I'm going to use my local terminal to run the command nc followed by some HTTP commands after that. This is me connecting to google.com:

$ nc google.com 80
GET /search?q=hello HTTP/1.0
Host: google.com
User-Agent: curl/7.54.0
Accept: */*

The nc command line tool is known as netcat. I'm giving it two parameters: google.com and 80. That means I want to connect to google.com and I want to connect to it on port 80 (more on ports later.) The name google.com would need to be resolved to an IP address, which is handled automatically for me by my computer and its software.

After that connection is made I start "talking" HTTP (version 1.0) to the server, by typing literally this into the terminal:

GET /search?q=hello HTTP/1.0

Here I'm using the HTTP "verb" GET, which means I want to get something from the remote server. I'm continuing the conversation with three additional pieces of grammar:

1
2
3

Host: google.com
User-Agent: curl/7.54.0
Accept: */*

We'll cover these kinds of headers when we look at HTTP in detail later on. For now just understand I'm using the HTTP language to "talk" to the remote server at google.com on port 80.
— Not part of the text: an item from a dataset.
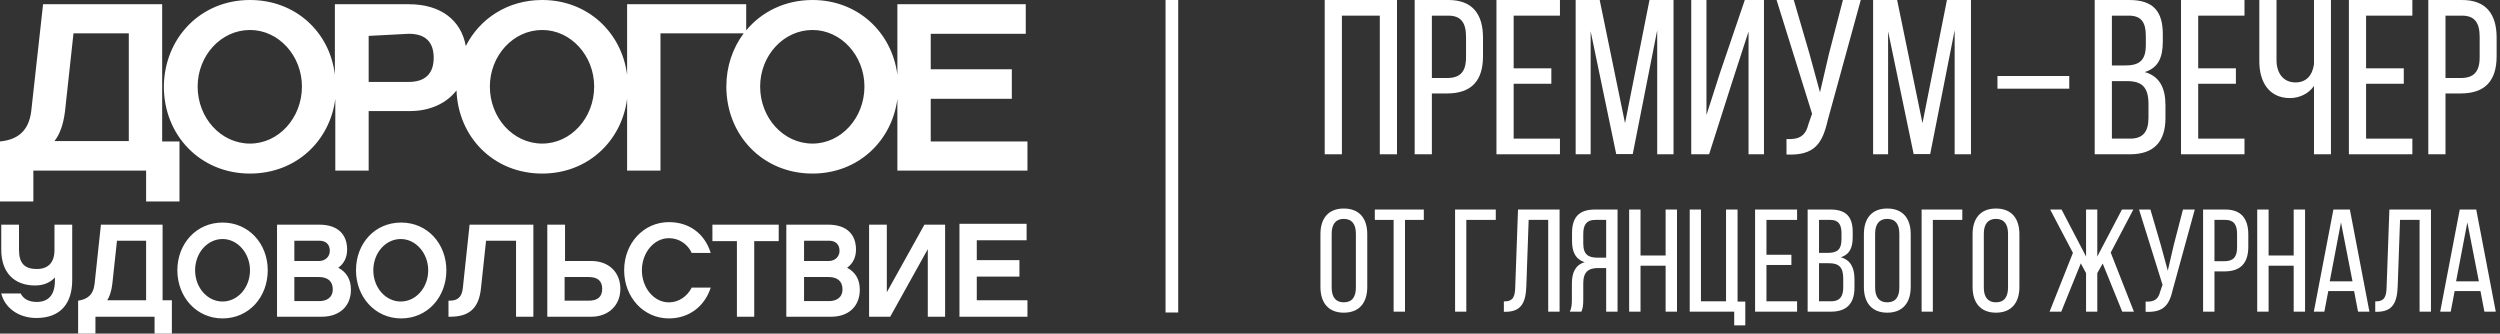 <?xml version="1.0" encoding="UTF-8"?> <svg xmlns="http://www.w3.org/2000/svg" width="592" height="79" viewBox="0 0 592 79" fill="none"><rect x="0" y="0" width="592" height="79" fill="#333333" stroke="none"/><path fill-rule="evenodd" clip-rule="evenodd" d="M0 47.7H7.9V40.4H34.6V47.7H42.5V33.5H38.4V1H10.2L7.4 26.3C6.8 31.2 4 33.1 0 33.5V47.7ZM243.3 40.4H212.5V23.4C211.2 33.5 203.1 41.1 192.4 41.1C180.6 41.1 172 32 172 20.5C172 15.7 173.5 11.4 176.1 7.9H156.4V40.4H148.5V23.4C147.2 33.5 139.1 41.1 128.4 41.1C116.9 41.1 108.5 32.5 108.1 21.4C105.8 24.4 101.9 26.3 97.1 26.3H87.3V40.4H79.4V23.4C78.1 33.5 70 41.1 59.2 41.1C47.4 41.1 38.8 32 38.8 20.5C38.9 9.1 47.4 0 59.2 0C70 0 78.1 7.6 79.3 17.7V1H96.8C104.4 1 109.2 4.8 110.3 10.9C113.6 4.4 120.2 0 128.4 0C139.1 0 147.2 7.6 148.5 17.7V1H176.7V7.2C180.3 2.8 185.9 0 192.4 0C203.1 0 211.2 7.6 212.5 17.7V1H242.9V8H220.4V16.4H239.6V23.4H220.4V33.5H243.3V40.4ZM180 20.5C180 27.9 185.5 34 192.4 34C199.2 34 204.7 27.9 204.7 20.5C204.7 13.2 199.2 7.1 192.4 7.1C185.5 7.1 180 13.2 180 20.5ZM116 20.5C116 27.9 121.5 34 128.4 34C135.2 34 140.7 27.9 140.7 20.5C140.7 13.2 135.2 7.1 128.4 7.1C121.5 7.1 116 13.2 116 20.5ZM46.8 20.5C46.8 27.9 52.3 34 59.2 34C66 34 71.5 27.9 71.5 20.5C71.5 13.2 66 7.1 59.2 7.1C52.3 7.1 46.8 13.2 46.8 20.5ZM87.3 8.5V19.4H96.8C100.5 19.4 102.7 17.6 102.7 13.7C102.7 9.7 100.5 8 96.8 8L87.3 8.5ZM15.4 26.3L17.4 7.9H30.5V33.4H12.9C14.1 31.9 15 29.6 15.4 26.3Z" fill="white"></path><path fill-rule="evenodd" clip-rule="evenodd" d="M243.3 75V71.1H231.3V65.5H241.4V61.6H231.3V56.9H243.1V53H227.2V75H243.3ZM147.8 64C147.8 70.4 152.4 75.4 158.4 75.4C163.2 75.4 166.9 72.5 168.3 68.1H163.8C162.8 70.1 160.8 71.6 158.4 71.6C154.8 71.6 152 68.1 152 64C152 59.9 154.8 56.4 158.4 56.4C160.9 56.4 162.9 57.9 163.8 59.9H168.3C166.9 55.4 163.3 52.6 158.4 52.6C152.4 52.6 147.8 57.6 147.8 64ZM84.3 64C84.3 70.3 88.8 75.4 95 75.4C101.2 75.4 105.7 70.4 105.7 64C105.7 57.7 101.2 52.7 95 52.7C88.7 52.7 84.3 57.7 84.3 64ZM88.4 64C88.4 59.9 91.3 56.6 94.9 56.6C98.5 56.6 101.4 60 101.4 64C101.4 68.1 98.5 71.4 94.9 71.4C91.3 71.4 88.4 68.1 88.4 64ZM42 64C42 70.3 46.5 75.4 52.7 75.4C58.9 75.4 63.4 70.4 63.4 64C63.4 57.7 58.9 52.7 52.7 52.7C46.5 52.7 42 57.7 42 64ZM46.2 64C46.2 59.9 49.1 56.6 52.7 56.6C56.3 56.6 59.2 60 59.2 64C59.2 68.1 56.3 71.4 52.7 71.4C49.1 71.4 46.2 68.1 46.2 64ZM218.9 53.2L210 69.2V53.2H205.8V75H210.8L219.7 59V75H223.8V53.2H218.9ZM186.2 53.2V75H196.8C201 75 203.6 72.5 203.6 68.6C203.6 66.1 202.5 64.4 200.6 63.4C202 62.4 202.7 60.9 202.7 59.1C202.7 55.5 200.5 53.2 196.1 53.2H186.2ZM190.4 57H196.3C197.9 57 198.8 57.9 198.8 59.4C198.8 60.8 197.7 61.8 196.3 61.8H190.4V57ZM190.4 65.6H196.2C198.3 65.6 199.5 66.6 199.5 68.5C199.5 70.6 197.9 71.3 196.3 71.3H190.4V65.6ZM168.7 53.2V57.1H174.5V75H178.6V57.1H184.4V53.2H168.7ZM129.6 53.2V75H140C144.1 75 146.9 72.3 146.9 68.4C146.9 64.5 144.2 61.8 140 61.8H133.8V53.2H129.6ZM133.7 65.6H139.4C141.5 65.6 142.6 66.5 142.6 68.4C142.6 70.3 141.5 71.2 139.4 71.2H133.7V65.6ZM111.2 53.2L109.6 68.2C109.4 70.2 108.5 71.2 106.5 71.2H106.2V75H106.6C110.8 75 113.4 73.3 113.9 68.2L115.1 57H122.2V75H126.3V53.2H111.2ZM65.6 53.2V75H76.2C80.4 75 83.1 72.5 83.1 68.6C83.1 66.1 82 64.4 80.1 63.4C81.5 62.4 82.2 60.9 82.2 59.1C82.2 55.5 80 53.2 75.6 53.2H65.6ZM69.7 57H75.6C77.2 57 78.1 57.9 78.1 59.4C78.1 60.8 77 61.8 75.6 61.8H69.7V57ZM69.7 65.6H75.5C77.6 65.6 78.8 66.6 78.8 68.5C78.8 70.6 77.2 71.3 75.6 71.3H69.7V65.6ZM23.9 53.2L22.4 67.2C22.1 69.9 20.6 70.9 18.5 71.2V79H22.6V75H36.6V79H40.7V71.1H38.5V53.2H23.9ZM26.6 67.2L27.7 57H34.6V71.1H25.4C25.9 70.3 26.4 69 26.6 67.2ZM12.9 53.2V59.2C12.9 62.2 11.4 63.7 8.7 63.7C5.9 63.7 4.5 62.4 4.5 59.2V53.2H0.3V59.1C0.3 64.7 3.5 67.6 8.3 67.6C10.5 67.6 12 66.8 13 65.7V66.5C13 69.9 11.4 71.5 8.7 71.5C6.7 71.5 5.5 70.7 4.9 69.5H0.3C1.1 72.8 4.3 75.3 8.6 75.3C14.4 75.3 17.1 71.8 17.1 66.3V53.2H12.9Z" fill="white"></path><path d="M587.373 68.929H581.259L580.327 73.799H577.839L582.468 49.62H586.371L591 73.799H588.306L587.373 68.929ZM584.264 52.66L581.605 66.615H586.993L584.264 52.66Z" fill="white"></path><path d="M572.957 52.072H568.329L567.776 67.789C567.638 71.623 566.602 73.799 562.906 73.834H562.457V71.381C564.702 71.381 565.082 70.242 565.151 67.927L565.807 49.62H575.652V73.799H572.957V52.072Z" fill="white"></path><path d="M557.452 68.929H551.339L550.406 73.799H547.919L552.547 49.62H556.451L561.079 73.799H558.385L557.452 68.929ZM554.344 52.66L551.684 66.615H557.072L554.344 52.66Z" fill="white"></path><path d="M543.145 62.919H537.204V73.799H534.509V49.62H537.204V60.501H543.145V49.62H545.839V73.799H543.145V62.919Z" fill="white"></path><path d="M521.691 49.62H526.976C530.776 49.62 532.399 51.865 532.399 55.527V58.428C532.399 62.262 530.603 64.266 526.769 64.266H524.385V73.799H521.691V49.62ZM524.385 61.848H526.769C528.772 61.848 529.739 60.915 529.739 58.601V55.389C529.739 53.178 528.945 52.072 526.976 52.072H524.385V61.848Z" fill="white"></path><path d="M519.722 49.62L514.541 68.48C513.712 72.107 512.469 74.041 508.082 73.834V71.416C510.154 71.52 511.087 70.863 511.536 69.033L512.089 67.444L506.527 49.62H509.222L511.674 58.014L513.332 64.093L514.748 58.014L516.925 49.62H519.722Z" fill="white"></path><path d="M502.545 73.799L497.917 62.401L496.639 64.68V73.799H493.979V64.68L492.735 62.366L488.107 73.799H485.343L490.87 59.879L485.482 49.62H488.176L493.979 60.742V49.62H496.639V60.742L502.476 49.62H505.171L499.817 59.81L505.309 73.799H502.545Z" fill="white"></path><path d="M467.107 67.962V55.458C467.107 51.761 468.938 49.378 472.634 49.378C476.364 49.378 478.195 51.761 478.195 55.458V67.962C478.195 71.623 476.364 74.041 472.634 74.041C468.938 74.041 467.107 71.623 467.107 67.962ZM469.767 55.319V68.1C469.767 70.311 470.7 71.589 472.634 71.589C474.603 71.589 475.501 70.311 475.501 68.1V55.319C475.501 53.143 474.603 51.831 472.634 51.831C470.7 51.831 469.767 53.143 469.767 55.319Z" fill="white"></path><path d="M464.674 52.072H457.696V73.799H455.037V49.62H464.674V52.072Z" fill="white"></path><path d="M441.369 67.962V55.458C441.369 51.761 443.2 49.378 446.896 49.378C450.627 49.378 452.457 51.761 452.457 55.458V67.962C452.457 71.623 450.627 74.041 446.896 74.041C443.2 74.041 441.369 71.623 441.369 67.962ZM444.029 55.319V68.1C444.029 70.311 444.962 71.589 446.896 71.589C448.865 71.589 449.763 70.311 449.763 68.1V55.319C449.763 53.143 448.865 51.831 446.896 51.831C444.962 51.831 444.029 53.143 444.029 55.319Z" fill="white"></path><path d="M428.05 49.62H433.473C437.238 49.62 438.723 51.416 438.723 54.974V56.114C438.723 58.67 437.998 60.259 435.891 60.915C438.24 61.572 439.138 63.437 439.138 66.097V68.135C439.138 71.761 437.376 73.799 433.611 73.799H428.05V49.62ZM430.744 59.879H432.817C434.958 59.879 436.064 59.188 436.064 56.666V55.25C436.064 53.109 435.338 52.072 433.404 52.072H430.744V59.879ZM430.744 71.347H433.611C435.58 71.347 436.478 70.311 436.478 68.065V65.924C436.478 63.23 435.407 62.331 433.093 62.331H430.744V71.347Z" fill="white"></path><path d="M418.297 60.328H424.204V62.746H418.297V71.347H425.551V73.799H415.603V49.62H425.551V52.072H418.297V60.328Z" fill="white"></path><path d="M413.286 77.046H410.66V73.799H400.125V49.62H402.785V71.347H408.726V49.62H411.455V71.416H413.286V77.046Z" fill="white"></path><path d="M394.419 62.919H388.477V73.799H385.783V49.62H388.477V60.501H394.419V49.62H397.113V73.799H394.419V62.919Z" fill="white"></path><path d="M380.341 63.471H378.441C376.196 63.471 374.918 64.335 374.918 67.064V70.863C374.918 72.487 374.78 73.109 374.469 73.799H371.74C372.154 72.97 372.223 71.969 372.223 70.898V67.133C372.223 64.542 373.052 62.746 375.229 62.09C373.191 61.433 372.258 59.775 372.258 57.116V55.147C372.258 51.554 373.847 49.62 377.647 49.62H383.035V73.799H380.341V63.471ZM380.341 52.072H377.716C375.712 52.072 374.918 53.212 374.918 55.389V57.703C374.918 60.328 376.196 61.019 378.303 61.019H380.341V52.072Z" fill="white"></path><path d="M366.616 52.072H361.987L361.435 67.789C361.297 71.623 360.26 73.799 356.564 73.834H356.115V71.381C358.361 71.381 358.74 70.242 358.81 67.927L359.466 49.62H369.31V73.799H366.616V52.072Z" fill="white"></path><path d="M354.2 52.072H347.223V73.799H344.563V49.62H354.2V52.072Z" fill="white"></path><path d="M332.703 73.799H330.009V52.072H325.553V49.62H337.159V52.072H332.703V73.799Z" fill="white"></path><path d="M312.68 67.962V55.458C312.68 51.761 314.511 49.378 318.207 49.378C321.937 49.378 323.768 51.761 323.768 55.458V67.962C323.768 71.623 321.937 74.041 318.207 74.041C314.511 74.041 312.68 71.623 312.68 67.962ZM315.34 55.319V68.1C315.34 70.311 316.272 71.589 318.207 71.589C320.176 71.589 321.074 70.311 321.074 68.1V55.319C321.074 53.143 320.176 51.831 318.207 51.831C316.272 51.831 315.34 53.143 315.34 55.319Z" fill="white"></path><path d="M575.024 0H583.009C588.749 0 591.202 3.392 591.202 8.924V13.308C591.202 19.101 588.488 22.128 582.695 22.128H579.094V36.532H575.024V0ZM579.094 18.475H582.695C585.722 18.475 587.184 17.066 587.184 13.569V8.716C587.184 5.375 585.983 3.705 583.009 3.705H579.094V18.475Z" fill="white"></path><path d="M560.288 16.179H569.212V19.832H560.288V32.827H571.248V36.532H556.217V0H571.248V3.705H560.288V16.179Z" fill="white"></path><path d="M547.952 36.532V20.354C546.647 22.233 544.455 23.224 542.263 23.224C537.358 23.224 535.009 19.467 535.009 14.561V0H539.08V14.248C539.08 17.327 540.698 19.519 543.568 19.519C546.021 19.519 547.535 18.005 547.952 15.239V0H551.971V36.532H547.952Z" fill="white"></path><path d="M520.534 16.179H529.459V19.832H520.534V32.827H531.494V36.532H516.464V0H531.494V3.705H520.534V16.179Z" fill="white"></path><path d="M496.026 0H504.22C509.909 0 512.153 2.714 512.153 8.089V9.812C512.153 13.674 511.057 16.074 507.873 17.066C511.422 18.058 512.779 20.876 512.779 24.894V27.974C512.779 33.453 510.117 36.532 504.429 36.532H496.026V0ZM500.097 15.5H503.228C506.464 15.5 508.134 14.456 508.134 10.647V8.507C508.134 5.271 507.038 3.705 504.115 3.705H500.097V15.5ZM500.097 32.827H504.429C507.403 32.827 508.76 31.261 508.76 27.869V24.633C508.76 20.563 507.142 19.206 503.646 19.206H500.097V32.827Z" fill="white"></path><path d="M462.863 7.15L457.07 36.48H453.155L447.101 7.411V36.532H443.552V0H449.241L455.243 29.174L461.036 0H466.725V36.532H462.863V7.15Z" fill="white"></path><path d="M440.63 0L432.802 28.495C431.549 33.975 429.671 36.898 423.043 36.585V32.931C426.174 33.088 427.583 32.096 428.261 29.33L429.096 26.93L420.694 0H424.765L428.47 12.682L430.975 21.867L433.115 12.682L436.403 0H440.63Z" fill="white"></path><path d="M414.057 7.463L410.09 19.675L404.715 36.532H400.487V0H404.088V27.243L407.324 17.17L413.169 0H417.71V36.532H414.057V7.463Z" fill="white"></path><path d="M392.427 7.15L386.634 36.48H382.72L376.666 7.411V36.532H373.117V0H378.806L384.808 29.174L390.601 0H396.289V36.532H392.427V7.15Z" fill="white"></path><path d="M358.434 16.179H367.358V19.832H358.434V32.827H369.394V36.532H354.363V0H369.394V3.705H358.434V16.179Z" fill="white"></path><path d="M334.996 0H342.981C348.722 0 351.175 3.392 351.175 8.924V13.308C351.175 19.101 348.461 22.128 342.668 22.128H339.067V36.532H334.996V0ZM339.067 18.475H342.668C345.695 18.475 347.156 17.066 347.156 13.569V8.716C347.156 5.375 345.956 3.705 342.981 3.705H339.067V18.475Z" fill="white"></path><path d="M326.739 3.705H317.763V36.532H313.692V0H330.81V36.532H326.739V3.705Z" fill="white"></path><rect x="473" y="18" width="17" height="3" fill="white"></rect><rect x="276" width="3" height="74" fill="white"></rect></svg>

After I press return (enter) a few times the server talks HTTP back to me:

HTTP/1.0 301 Moved Permanently
Location: http://www.google.com/search?q=hello
Content-Type: text/html; charset=UTF-8
Date: Thu, 03 Mar 2022 02:41:53 GMT
Expires: Sat, 02 Apr 2022 02:41:53 GMT
Cache-Control: public, max-age=2592000
Server: gws
Content-Length: 233
X-XSS-Protection: 0
X-Frame-Options: SAMEORIGIN

<HTML><HEAD><meta http-equiv="content-type" content="text/html;charset=utf-8">
<TITLE>301 Moved</TITLE></HEAD><BODY>
<H1>301 Moved</H1>
The document has moved
<A HREF="http://www.google.com/search?q=hello">here</A>.
</BODY></HTML>

Here we have HTTP headers and a body. The response from the server is HTTP/1.0 301 which means the resource I requested (/search?q=hello) isn't available at that location and I need to go elsewhere. So it's not happy with my request but in short google.com replied saying:

1 2	`HTTP/1.0 301 Moved Permanently Location: http://www.google.com/search?q=hello`

Which are the important parts of this conversation and they mean: send the request to http://www.google.com/search?q=hello instead. Even though the conversation didn't get me the (search) results I wanted I was successful at talking HTTP to a remote web server, and that's all we're demonstrating here.

Visually, this conversation looks like this:

Broken down we have:

We send the HTTP/1.0 GET to google.com;
We go from our LAN to the WAN, and then eventually to some LAN inside of Google's (vast) infrastructure;
A DNS request is made to the DNS infrastructure;
We use the address given to use to make a connection to Google's server.

Summary

And that's what a computer/networking protocol looks like. Essentially it's a strictly defined language and set of rules for establishing a channel of communication and then transmitting information over that channel between two or more hosts on one or more networks.